Porém, a leitura “desenvolvimentista”, apesar de importante em vários aspectos,
fundamenta-se em quatro pressupostos questionáveis, como mostra Trindade:

1. As teses e os argumentos expostos nos diálogos


refletem posições platônicas (nomeadamente expressas por
Sócrates).
2. A data de composição do diálogo indica a
posição platônica naquele momento naquele momento da sua
evolução.
3. Em caso de contradição entre diálogos, as
obras mais tardias refletem a evolução pela qual Platão corrige
posições anteriores.
4. Análogo raciocínio deverá ser feito – o que é
mais grave – para as omissões: o silêncio nos diálogos
anteriores acerca de uma questão deverá implicar seu
abandono.7

Esses pressupostos podem isoladamente ser defensáveis, porém encadeados tornam a


posição “desenvolvimentista” muito problemática.
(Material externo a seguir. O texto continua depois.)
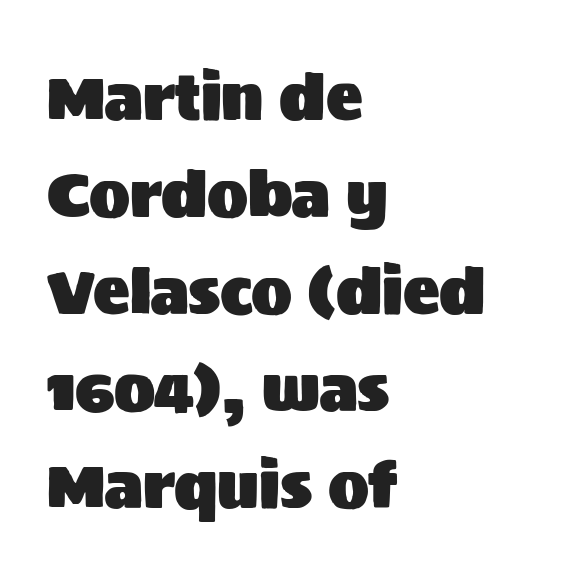
The image shows 61 px sans-serif type, upright; set left-aligned, normal line spacing (1.59x), normal letter spacing, not underlined; medium stroke contrast and a large x-height.

Quanto ao ponto dois, é importante ressaltar que
há dificuldades de determinar precisamente a ordem dos diálogos, mesmo através da estilometria 8.
Dentre as dificuldades temos, por exemplo, 9, que os diálogos “primeiros” ou “socráticos” podem
ser lidos como uma preparação para a República que é considerada um diálogo “médio”. Como é
possível que Sócrates tenha preparado uma introdução a teses que se contrapõem a sua posição?
Outra grande dificuldade é que três diálogos que parecem apresentar a “teoria das formas” - Fédon,
Banquete e Crátilo – pertencem, segundo a estilometria, ao primeiro grupo de diálogos10.
Portanto, ainda deve-se procurar uma leitura que seja justa a Platão. Procuremos uma
maneira de ler Platão que considere toda a amplitude da filosofia e do corpus platônico, sem
fecharmos de antemão caminhos possíveis.
É dado que Platão joga com numerosas estratégias em seus diálogos, que não podem ser
descritas em sua totalidade, porém, há certos princípios que devem ser mantidos em mente quando
se lê Platão. Talvez, mesmo diante de todas as contradições entre as leituras, possamos estabelecer
regras mais gerais e fundamentais que nos permitam transitar pelo corpus platônico.

5
Ibdem. p30.
6
Cf. Idem.
7
SANTOS, José Trindade. Para Ler Platão. Loyola. São Paulo. 2008. p36.
8
Estilometria é o estudo acerca das marcas de um certo autor que podem identificar um padrão em sua escrita. Essas
marcas, se presume, são inconscientes; se tais marcas mudaram ou permaneceram diante alguns diálogos, poderar-
se-á delimitar um período, por comparação.
9
Cf: ROWE, Chistopher. op cit. p31 et seq.
10
Há algumas disparidades neste âmbito. Em alguns comentadores o Crátilo é considerado o último diálogo
“socrático” e o Banquete e o Fédon os dois primeiros diálogos “médios”.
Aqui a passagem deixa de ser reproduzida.